Ramón Estay

Personal information
- Full name: Luis Ramón Estay Saavedra
- Date of birth: 22 July 1938
- Place of birth: Iquique, Chile
- Date of death: 3 November 2013 (aged 75)
- Place of death: Iquique, Chile
- Position: Forward

Youth career
- CD Cavancha
- Iquique (city team)

Senior career*
- Years: Team / Apps / (Gls)
- 1958–1964: Audax Italiano
- 1964–1965: Magallanes
- 1966–1967: Deportes Concepción

Managerial career
- 1969–1972: Magallanes
- 1974: Coquimbo Unido
- 1979–1980: Deportes Iquique
- 1982–1984: Deportes Arica
- 1984: Regional Atacama
- 1985: Deportes Arica
- 1987–1988: Deportes Iquique
- 1990: Deportes Iquique
- 1992: Deportes Iquique
- 1993: Defensor Kiwi-Ciclista Lima
- 1994: Deportes Iquique
- 1994–1995: Ciclista Lima
- 1995: Alianza Lima
- 1995: Deportivo Municipal
- 1996: Melgar
- 1997–1998: Deportivo Quito
- 2001: Deportes Iquique
- 2003: Municipal Iquique
- 2006–2008: Universidad Arturo Prat

= Ramón Estay =

Chilean footballer and manager (1938–2013)

Luis Ramón Estay Saavedra (22 July 1938 – 3 November 2013), known as Ramón Estay, was a Chilean football player and manager.

==Career==
Born in Iquique, as a football forward, he played for Club Deportivo Cavancha and the team of Iquique. At professional level, he played for Audax Italiano, Magallanes and Deportes Concepción.

As a football manager, he was mainly related to his hometown club, Deportes Iquique, since he was involved in its foundation and coached it in seven stints, winning the 1979 Segunda División de Chile and the 1980 Copa Polla Gol.

In Chile, he also coached Magallanes, Deportes Arica and Regional Atacama.

In Peru, where he came recommended by his former assistant Miguel Ángel Arrué, he coached Ciclista Lima from 1993 to 1995, winning the 1993 Segunda División as Defensor Kiwi-Ciclista Lima, Alianza Lima in 1994, Deportivo Municipal in 1995 and Melgar in 1996. As a fact, he became the second Chilean to manage Melgar after José Tadormina. Then, he moved to Ecuador and led Deportivo Quito, reaching the runner-up in the 1997 Ecuadorian Serie A.

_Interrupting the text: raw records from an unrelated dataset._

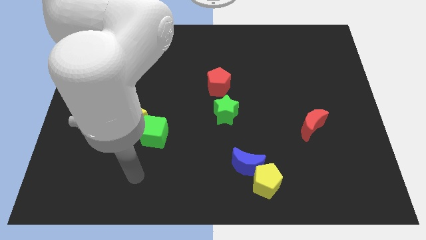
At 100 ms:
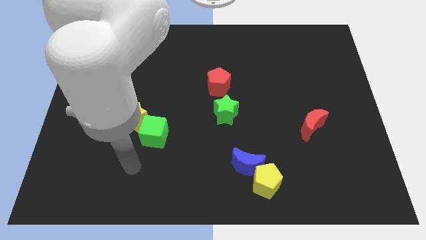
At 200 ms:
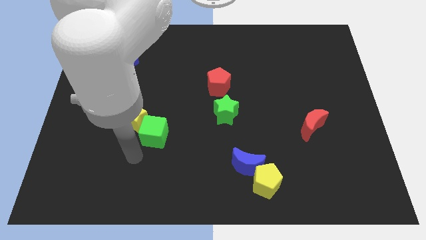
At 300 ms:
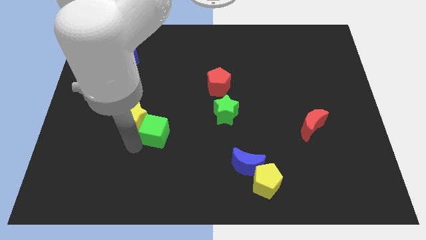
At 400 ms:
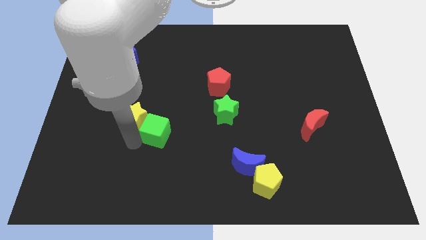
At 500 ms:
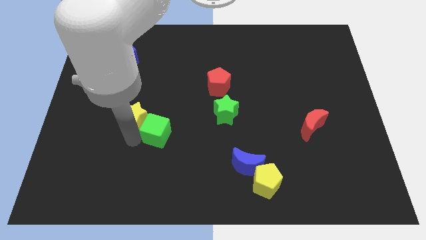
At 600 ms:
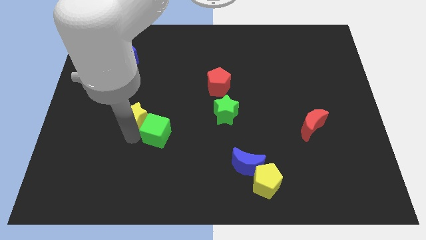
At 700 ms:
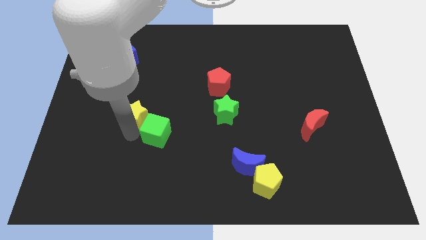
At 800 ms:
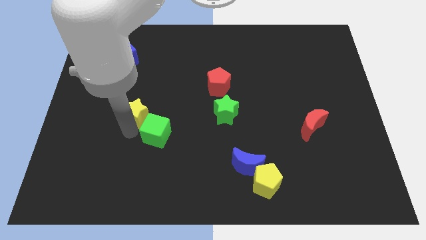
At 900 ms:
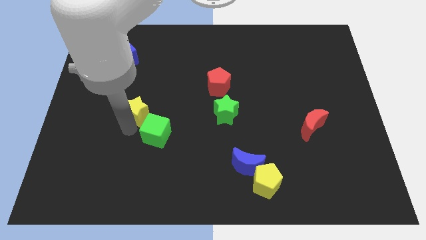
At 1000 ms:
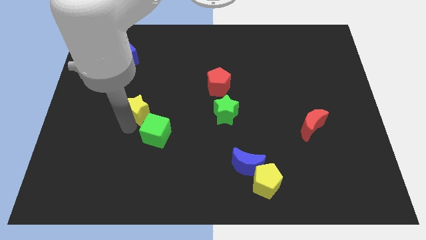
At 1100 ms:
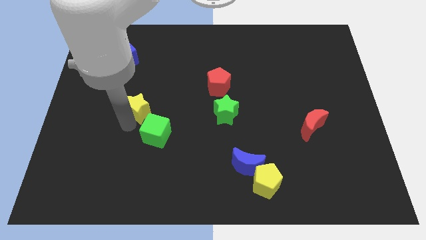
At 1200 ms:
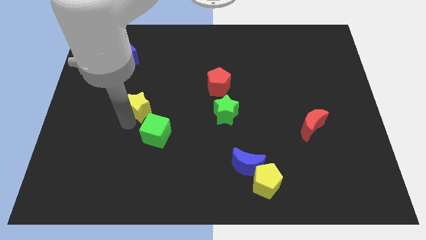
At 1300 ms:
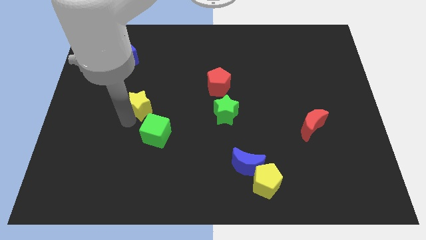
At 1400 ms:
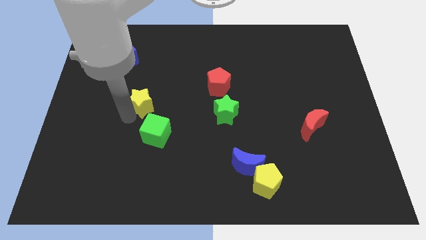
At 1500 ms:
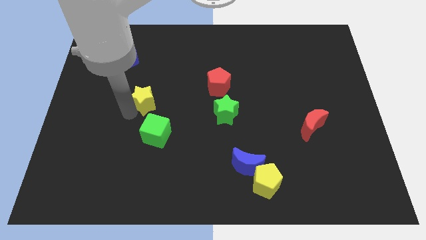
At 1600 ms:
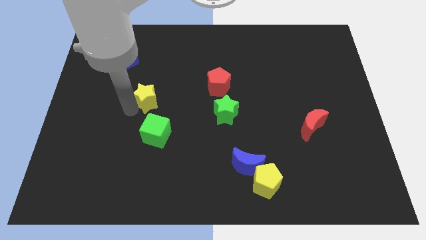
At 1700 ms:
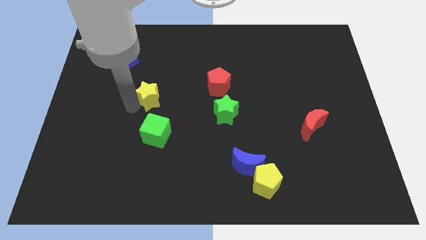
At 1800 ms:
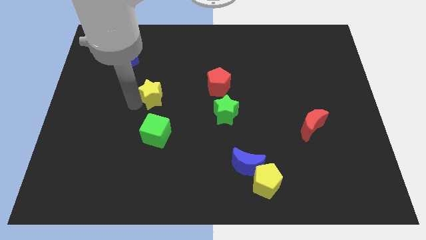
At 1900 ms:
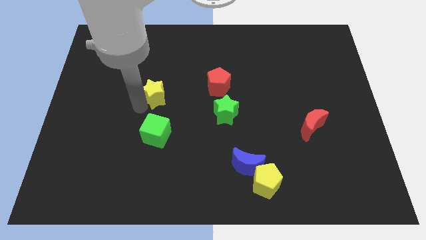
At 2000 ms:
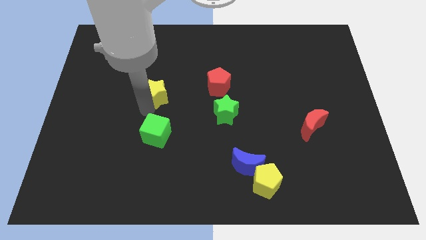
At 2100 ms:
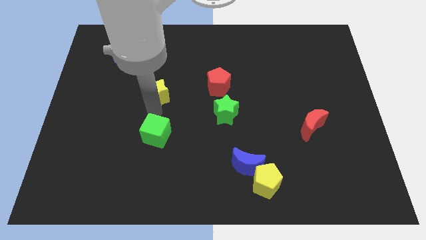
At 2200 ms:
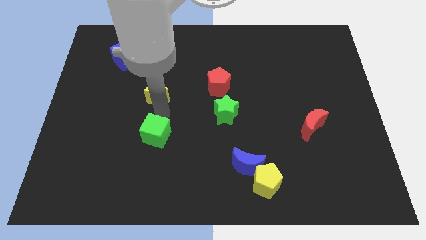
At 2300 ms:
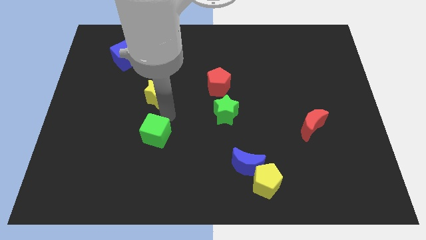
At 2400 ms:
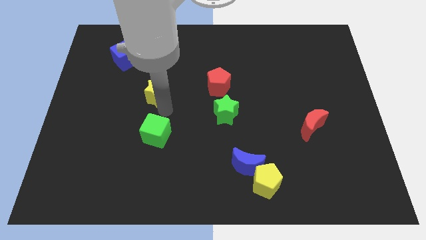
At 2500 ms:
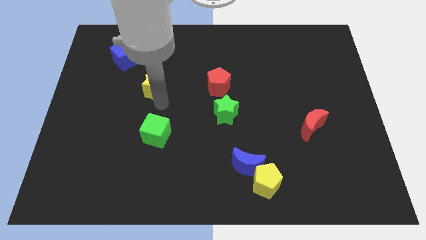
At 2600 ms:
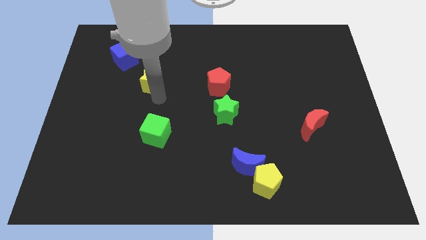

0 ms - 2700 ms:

From 2006 to 2009, he coached the Arturo Prat University, winning three university national championships of FENAUDE, at the same time the team competed in the Chilean Tercera División.

==Personal life==
His sons Luis Ramón Jr., the elder, and José Orlando, were professional footballers who played for Deportes Iquique at the end of the 1980s.

In Peru, he was nicknamed Chompita (Little Sweater) and Chompita Ploma (Grey Little Sweater), due to the fact that he used to wear that article of clothing.

He was honored as Hijo Ilustre (Illustrious Son) of Iquique.

Estay died due to an respiratory insufficiency in the Hospital of Iquique.

==Honours==
===Manager===
Deportes Iquique
- Segunda División de Chile: 1979
- Copa Polla Gol: 1980

Defensor Kiwi-Ciclista Lima
- Segunda División de Perú: 1993

Universidad Arturo Prat
- FENAUDE: 2006, 2007, 2008

==Legacy==
After Estay died, the municipal stadium of Iquique was renamed Estadio Tierra de Campeones Ramón Estay Saavedra.

In 2020 season, the alternative shirt of Deportes Iquique was designed in honor of Estay and Club Deportivo Cavancha.